Глава 13

Проснулся и задумался о бабах. Нет, я не отношусь к фантастам, угождающим читателю-обывателю: их три «Ч» нормальному человеку противны. (Поясню, три «Ч»: частые драки, частый секс, частые «рояли» в кустах).

У меня в юности первый секс случился в девятом классе на летних каникулах. Я тогда работал в парке (ЦПКиО на бывшем Иерусалимском кладбище Иркутска, где памятников и кустов попадались уютные места), где вечерами еще и смотрел кино в открытом кинотеатре, куда, как местный сотрудник мог входить бесплатно. Там и подцепил какую-то соплячку лет пятнадцати, которая «за кино» и дала разок в ложбинке среди старых могил. Самой большой проблемой в этой потере моей девственности было распутать завязки плавок, которые я обычно крепил «бантиком», но второпях дернул не за тот язычок и затянул на узел. В итоге я веревочные эти крепления, расположенные сбоку – советские плавки образца 1956 года – порвал и домой пришлось идти, засунув их в карман брюк. Еще запомнилось, что девчонка не дала снять бюстгальтер, сообщив – «так обойдешься».
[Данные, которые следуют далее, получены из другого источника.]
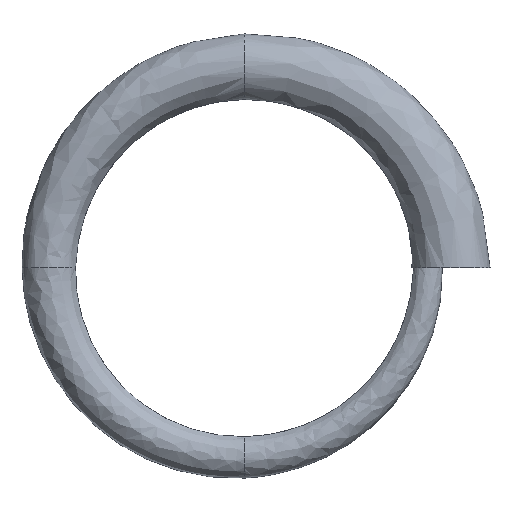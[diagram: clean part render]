
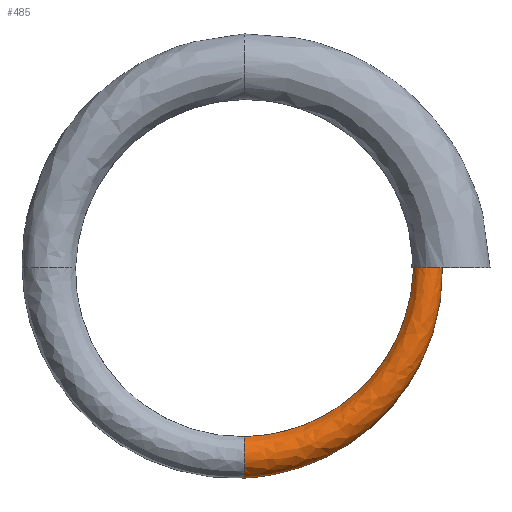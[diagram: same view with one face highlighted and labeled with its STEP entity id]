
A CAD part, top view. The second image highlights one B-rep face of the part: STEP entity #485.
In plain terms, the highlighted free-form (B-spline) face has degree [3, 3] with [7, 7] control points.
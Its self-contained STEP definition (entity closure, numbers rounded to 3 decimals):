
#18=B_SPLINE_SURFACE_WITH_KNOTS('',3,3,((#2539,#2540,#2541,#2542,#2543,
#2544,#2545),(#2546,#2547,#2548,#2549,#2550,#2551,#2552),(#2553,#2554,#2555,
#2556,#2557,#2558,#2559),(#2560,#2561,#2562,#2563,#2564,#2565,#2566),(#2567,
#2568,#2569,#2570,#2571,#2572,#2573),(#2574,#2575,#2576,#2577,#2578,#2579,
#2580),(#2581,#2582,#2583,#2584,#2585,#2586,#2587)),.UNSPECIFIED.,.F.,.F.,
 .F.,(4,1,1,1,4),(4,1,1,1,4),(0.,0.063,0.19,0.317,
0.444),(0.,0.286,0.571,0.857,
1.),.UNSPECIFIED.);
#56=FACE_OUTER_BOUND('',#79,.T.);
#79=EDGE_LOOP('',(#394,#395,#396,#397,#398));
#103=CIRCLE('',#531,5.825);
#105=CIRCLE('',#534,4.2);
#107=CIRCLE('',#536,4.2);
#120=B_SPLINE_CURVE_WITH_KNOTS('',3,(#975,#976,#977,#978,#979,#980,#981,
#982,#983,#984),.UNSPECIFIED.,.F.,.F.,(4,2,2,2,4),(-7.247,-5.488,
-3.641,-1.812,0.),.UNSPECIFIED.);
#159=B_SPLINE_CURVE_WITH_KNOTS('',3,(#2589,#2590,#2591,#2592,#2593,#2594,
#2595),.UNSPECIFIED.,.F.,.F.,(4,1,1,1,4),(0.,0.286,0.571,
0.857,1.),.UNSPECIFIED.);
#174=VERTEX_POINT('',#864);
#175=VERTEX_POINT('',#974);
#215=VERTEX_POINT('',#2289);
#216=VERTEX_POINT('',#2300);
#220=VERTEX_POINT('',#2588);
#232=EDGE_CURVE('',#175,#174,#120,.T.);
#283=EDGE_CURVE('',#215,#174,#103,.T.);
#285=EDGE_CURVE('',#216,#175,#105,.T.);
#290=EDGE_CURVE('',#220,#215,#159,.T.);
#291=EDGE_CURVE('',#220,#216,#107,.T.);
#394=ORIENTED_EDGE('',*,*,#232,.T.);
#395=ORIENTED_EDGE('',*,*,#283,.F.);
#396=ORIENTED_EDGE('',*,*,#290,.F.);
#397=ORIENTED_EDGE('',*,*,#291,.T.);
#398=ORIENTED_EDGE('',*,*,#285,.T.);
#485=ADVANCED_FACE('',(#56),#18,.T.);
#531=AXIS2_PLACEMENT_3D('',#2297,#593,#594);
#534=AXIS2_PLACEMENT_3D('',#2301,#599,#600);
#536=AXIS2_PLACEMENT_3D('',#2596,#603,#604);
#593=DIRECTION('center_axis',(-1.,0.,0.));
#594=DIRECTION('ref_axis',(0.,1.,0.));
#599=DIRECTION('center_axis',(0.,-1.,0.));
#600=DIRECTION('ref_axis',(1.,0.,0.));
#603=DIRECTION('center_axis',(0.,-1.,0.));
#604=DIRECTION('ref_axis',(1.,0.,0.));
#864=CARTESIAN_POINT('',(0.,-46.154,2.));
#974=CARTESIAN_POINT('',(46.307,0.,2.));
#975=CARTESIAN_POINT('Ctrl Pts',(46.307,0.,
2.));
#976=CARTESIAN_POINT('Ctrl Pts',(46.163,-5.864,2.));
#977=CARTESIAN_POINT('Ctrl Pts',(44.946,-11.652,2.));
#978=CARTESIAN_POINT('Ctrl Pts',(40.354,-22.766,2.));
#979=CARTESIAN_POINT('Ctrl Pts',(36.917,-27.947,2.));
#980=CARTESIAN_POINT('Ctrl Pts',(28.286,-36.653,2.));
#981=CARTESIAN_POINT('Ctrl Pts',(23.19,-40.108,2.));
#982=CARTESIAN_POINT('Ctrl Pts',(12.009,-44.839,2.));
#983=CARTESIAN_POINT('Ctrl Pts',(6.04,-46.089,2.));
#984=CARTESIAN_POINT('Ctrl Pts',(0.,-46.154,
2.));
#2289=CARTESIAN_POINT('',(0.,-57.45,0.));
#2297=CARTESIAN_POINT('Origin',(0.,-51.625,0.));
#2300=CARTESIAN_POINT('',(51.274,0.,4.002));
#2301=CARTESIAN_POINT('Origin',(50.,0.,0.));
#2539=CARTESIAN_POINT('Ctrl Pts',(54.2,0.,0.));
#2540=CARTESIAN_POINT('Ctrl Pts',(54.358,-8.204,0.));
#2541=CARTESIAN_POINT('Ctrl Pts',(50.999,-24.748,0.));
#2542=CARTESIAN_POINT('Ctrl Pts',(35.724,-45.213,0.));
#2543=CARTESIAN_POINT('Ctrl Pts',(16.78,-55.276,0.));
#2544=CARTESIAN_POINT('Ctrl Pts',(4.217,-57.253,0.));
#2545=CARTESIAN_POINT('Ctrl Pts',(0.,-57.45,0.));
#2546=CARTESIAN_POINT('Ctrl Pts',(54.2,0.,0.558));
#2547=CARTESIAN_POINT('Ctrl Pts',(54.358,-8.203,0.579));
#2548=CARTESIAN_POINT('Ctrl Pts',(50.999,-24.748,0.62));
#2549=CARTESIAN_POINT('Ctrl Pts',(35.724,-45.213,0.682));
#2550=CARTESIAN_POINT('Ctrl Pts',(16.78,-55.276,0.733));
#2551=CARTESIAN_POINT('Ctrl Pts',(4.216,-57.253,0.764));
#2552=CARTESIAN_POINT('Ctrl Pts',(0.,-57.45,0.774));
#2553=CARTESIAN_POINT('Ctrl Pts',(53.872,0.,
2.237));
#2554=CARTESIAN_POINT('Ctrl Pts',(54.018,-8.155,2.319));
#2555=CARTESIAN_POINT('Ctrl Pts',(50.658,-24.588,2.484));
#2556=CARTESIAN_POINT('Ctrl Pts',(35.463,-44.892,2.732));
#2557=CARTESIAN_POINT('Ctrl Pts',(16.649,-54.856,2.938));
#2558=CARTESIAN_POINT('Ctrl Pts',(4.183,-56.804,3.061));
#2559=CARTESIAN_POINT('Ctrl Pts',(0.,-56.995,
3.102));
#2560=CARTESIAN_POINT('Ctrl Pts',(51.712,0.,
4.349));
#2561=CARTESIAN_POINT('Ctrl Pts',(51.779,-7.828,4.509));
#2562=CARTESIAN_POINT('Ctrl Pts',(48.409,-23.54,4.83));
#2563=CARTESIAN_POINT('Ctrl Pts',(33.738,-42.778,5.31));
#2564=CARTESIAN_POINT('Ctrl Pts',(15.783,-52.094,5.711));
#2565=CARTESIAN_POINT('Ctrl Pts',(3.96,-53.849,5.951));
#2566=CARTESIAN_POINT('Ctrl Pts',(0.,-53.999,
6.031));
#2567=CARTESIAN_POINT('Ctrl Pts',(48.085,0.,
4.259));
#2568=CARTESIAN_POINT('Ctrl Pts',(48.018,-7.282,4.416));
#2569=CARTESIAN_POINT('Ctrl Pts',(44.634,-21.779,4.729));
#2570=CARTESIAN_POINT('Ctrl Pts',(30.844,-39.229,5.2));
#2571=CARTESIAN_POINT('Ctrl Pts',(14.33,-47.457,5.592));
#2572=CARTESIAN_POINT('Ctrl Pts',(3.586,-48.885,5.828));
#2573=CARTESIAN_POINT('Ctrl Pts',(0.,-48.969,
5.906));
#2574=CARTESIAN_POINT('Ctrl Pts',(46.439,0.,
2.491));
#2575=CARTESIAN_POINT('Ctrl Pts',(46.311,-7.033,2.582));
#2576=CARTESIAN_POINT('Ctrl Pts',(42.919,-20.98,2.766));
#2577=CARTESIAN_POINT('Ctrl Pts',(29.53,-37.617,3.041));
#2578=CARTESIAN_POINT('Ctrl Pts',(13.67,-45.351,3.271));
#2579=CARTESIAN_POINT('Ctrl Pts',(3.415,-46.632,3.408));
#2580=CARTESIAN_POINT('Ctrl Pts',(0.,-46.686,3.454));
#2581=CARTESIAN_POINT('Ctrl Pts',(46.055,0.,
1.442));
#2582=CARTESIAN_POINT('Ctrl Pts',(45.914,-6.976,1.495));
#2583=CARTESIAN_POINT('Ctrl Pts',(42.521,-20.793,1.601));
#2584=CARTESIAN_POINT('Ctrl Pts',(29.225,-37.243,1.761));
#2585=CARTESIAN_POINT('Ctrl Pts',(13.517,-44.861,1.894));
#2586=CARTESIAN_POINT('Ctrl Pts',(3.377,-46.108,1.973));
#2587=CARTESIAN_POINT('Ctrl Pts',(0.,-46.154,2.));
#2588=CARTESIAN_POINT('',(54.2,0.,0.));
#2589=CARTESIAN_POINT('Ctrl Pts',(54.2,0.,0.));
#2590=CARTESIAN_POINT('Ctrl Pts',(54.358,-8.204,0.));
#2591=CARTESIAN_POINT('Ctrl Pts',(50.999,-24.748,0.));
#2592=CARTESIAN_POINT('Ctrl Pts',(35.724,-45.213,0.));
#2593=CARTESIAN_POINT('Ctrl Pts',(16.78,-55.276,0.));
#2594=CARTESIAN_POINT('Ctrl Pts',(4.217,-57.253,0.));
#2595=CARTESIAN_POINT('Ctrl Pts',(0.,-57.45,0.));
#2596=CARTESIAN_POINT('Origin',(50.,0.,0.));

Многие писатели, рассказывая о первых сексуальных пробах, почему-то сообщали о мгновенном оргазме пацана, за который он смущается перед девушкой. Наверное, сие откровение, как и варианты с «первым воспоминанием» надуманы или являются неким литературным приемом. Все у меня получилось без истерик и без мгновенного семяизвержения. Правда, второй раз стерва не дала, посчитав что за кино (билет тогда стоил 20 копеек) и одного раза достаточно.

А я через день вынужден был обратиться к старшему брату с воспалением кожицы на члене. Мишка посоветовал не обращать внимания и смазать стрептоцидовая мазью. «Грязнуля твоя девчонка, – сказал он, – скажи ей, чтоб мылась чаще».

Воспаление прошло, память осталась…

На сей раз я задумался об объекте для постоянного секса. Дворовые сверстницы вызывали у моего пожилого сознания смущение, как перед педофилией. А привлекательными казались плотные дамы лет тридцати. Сие, конечно, выверты сознания, но бабу все равно хочется. И не Дуньку Кулакову, а живую, мягкую.

«А если войдет живая

милка, пасть разевая, выгони не раздевая…»

Что-то Бродский вспомнился, это стихотворение еще не написано, наверное.

О, не выходи из комнаты, не вызывай мотора.

Потому что пространство сделано из коридора

и кончается счетчиком. А если войдет живая

милка, пасть разевая, выгони не раздевая.

Не выходи из комнаты; считай, что тебя продуло.

Что интересней на свете стены и стула?

Зачем выходить оттуда, куда вернешься вечером

таким же, каким ты был, тем более – изувеченным?

Блеск. Понимаю попаданцев, не способных удержаться от соблазна заимствования. Но у меня и самого неплохие стихи, да и проза хорошая. Чес плох мой опус про ангелов, например.

Ангелы не летают на крыльях,

Ангелы крыльев давно лишены,

Ангелы лишены даже жены,

Ангелы к серии инвалидов

Отнесены.

Ангелы ужасно страдают

каждую ночь –

Им невмочь.

Ангелы ходят на костылях,

Потому что у них слабые ножки,

Которые не могут бежать по дорожке,

Ползают по планете, как грудные дети,

Впотьмах.

И ужасно страдают

каждую ночь –

Им невмочь.

Но бабу все равно хочется, надо как то в туалет просквозить, чтоб мама не заметила этого желания!

Просквозил, пунцовея от сдержанного хохота – восьмидесятилетний отрок с подростковой эрекцией.

Не знаю уж по какой причине, но наслоилось ужасное воспоминание из геологических похождений о том, как забрел в маленький поселок между двух холмов в Саянах, в котором небольшое население было полностью вырезано группой беглых зэков. Дети, старики, женщины… Вызвал по рации милицейский вертолет и до вечера ждал его на отшибе у ручейка. С тех пор ненавижу уголовников.

Наверное в жизни это типично: смерть и секс – соседи в клетках памяти. Наиболее острые эмоции способствуют их запоминанию, переводу из оперативной в долгосрочную память и без архивирования.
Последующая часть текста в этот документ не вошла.